The wording is of course NVMe-like, but "The controller is starting a.."
pretty clear implies this is sent at the beginning of the paused
state, not the end.
Keith Busch May 23, 2019, 2:19 p.m. UTC | #9
On Thu, May 23, 2019 at 04:10:54PM +0200, Christoph Hellwig wrote:
> On Thu, May 23, 2019 at 07:23:04AM -0600, Keith Busch wrote:
> > > Figure 49: Asynchronous Event Information - Notice
> > > 
> > > 1h		Firmware Activation Starting: The controller is starting
> > > 		a firmware activation process during which command
> > > 		processing is paused. Host software may use CSTS.PP to
> > > 		determine when command processing has resumed. To clear
> > > 		this event, host software reads the Firmware Slot
> > > 		Information log page.
> > > 
> > > So we are supposed to get an AEN before the device stops processing
> > > commands.
> > 
> > Hm, I read the same section, but conclude differently (and at least some
> > vendors did too).
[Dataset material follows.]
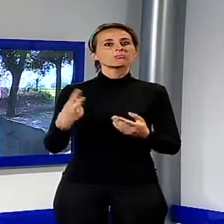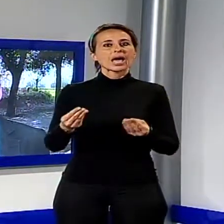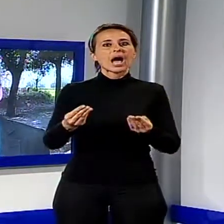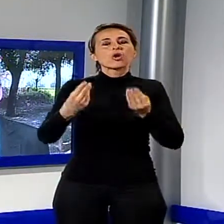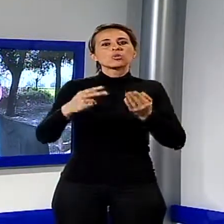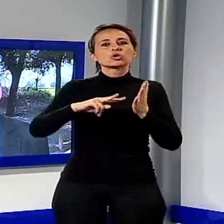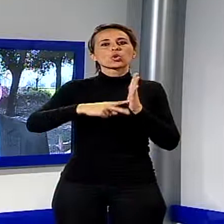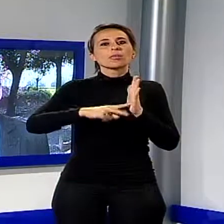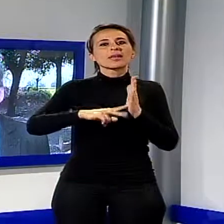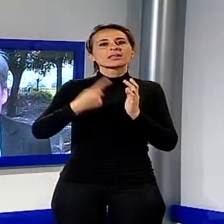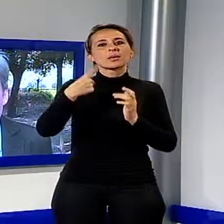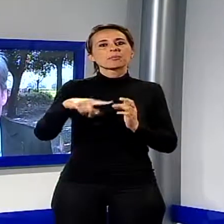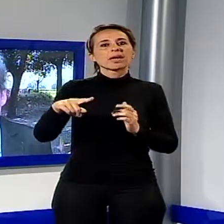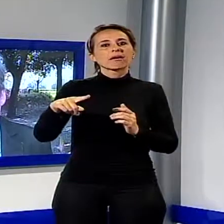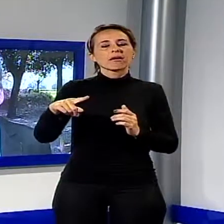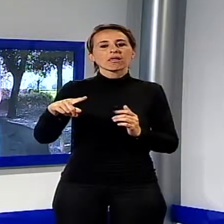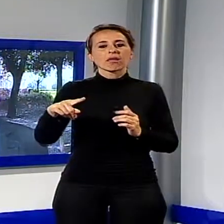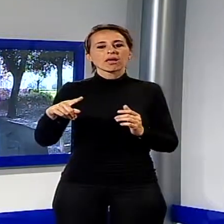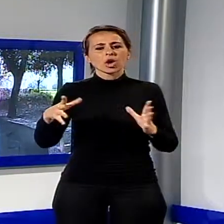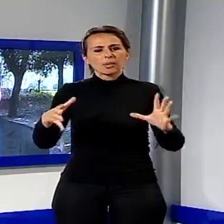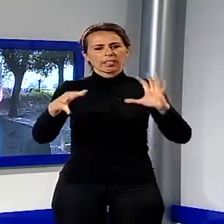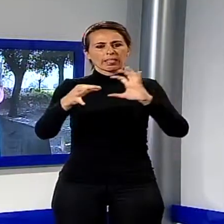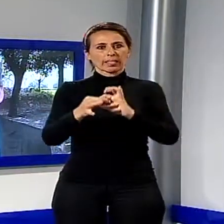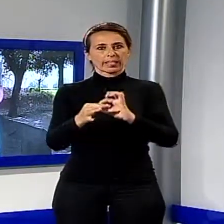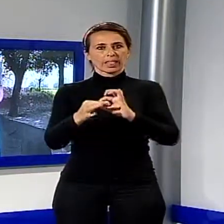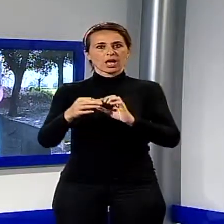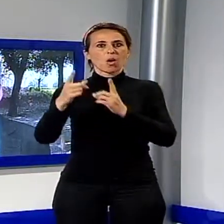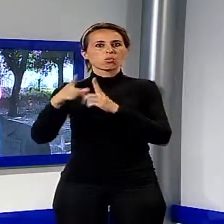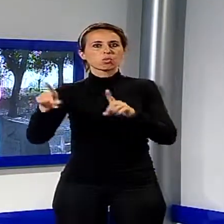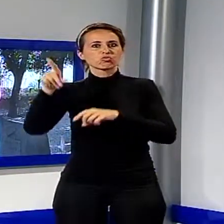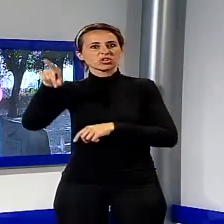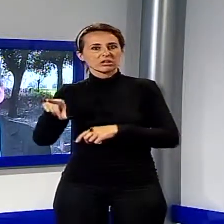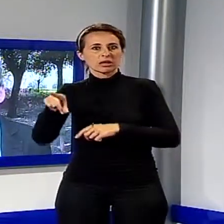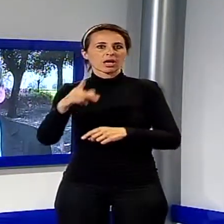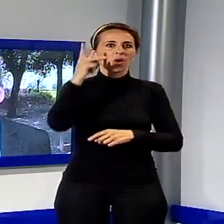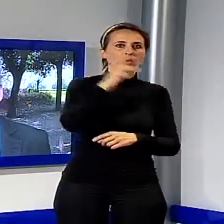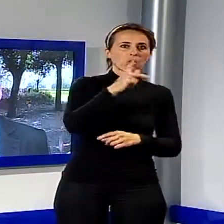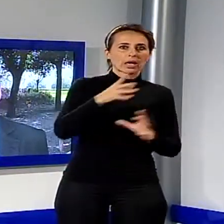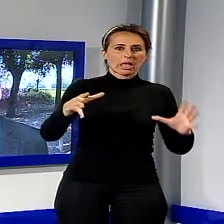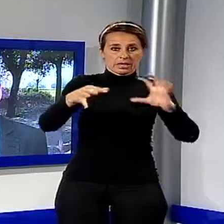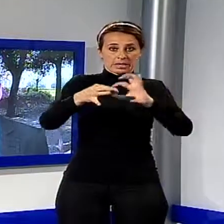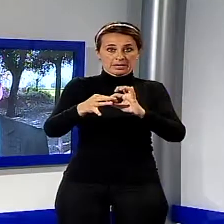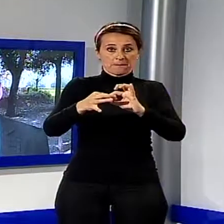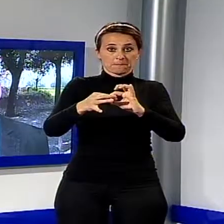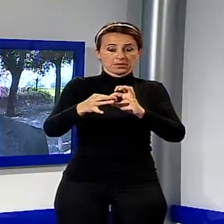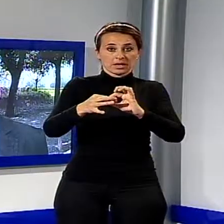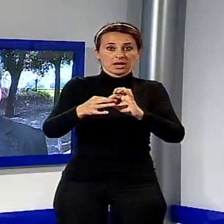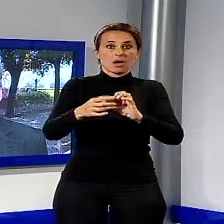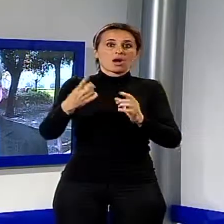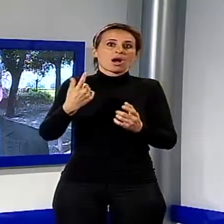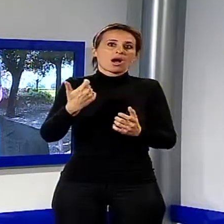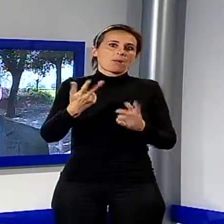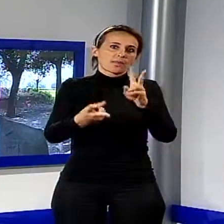compresenza Puccini-Lucca, di utilizzare gli strumenti nuovi della tecnologia per fare marketing,

A spec compliant controller activating new firmware
> > without reset would stop processing commands and set CSTS.PP first,
> > then send the AEN. When the host is aware to poll Processing Paused,
> > the controller hasn't been processing new commands for some time.
> > 
> > Could you give some more detail on your interpretation?
> 
> What would be the point of the AEN if it wasn't sent at exactly
> the point when the controller stops acceppting command?
> 
> The wording is of course NVMe-like, but "The controller is starting a.."
> pretty clear implies this is sent at the beginning of the paused
> state, not the end.

Right, the controller starts the pause at time T1, and sends the AEN at
the same time. No new commands will be processed after T1 until the
firmware activate completes.

The host sees the AEN a short time later, time T2.

The time between T1 - T2, we may have sent many commands that are not
going to be processed, and we couldn't have known that when they were
submitted. The controller still owns those commands, and we just need
to adjust their deadlines once processing resumes.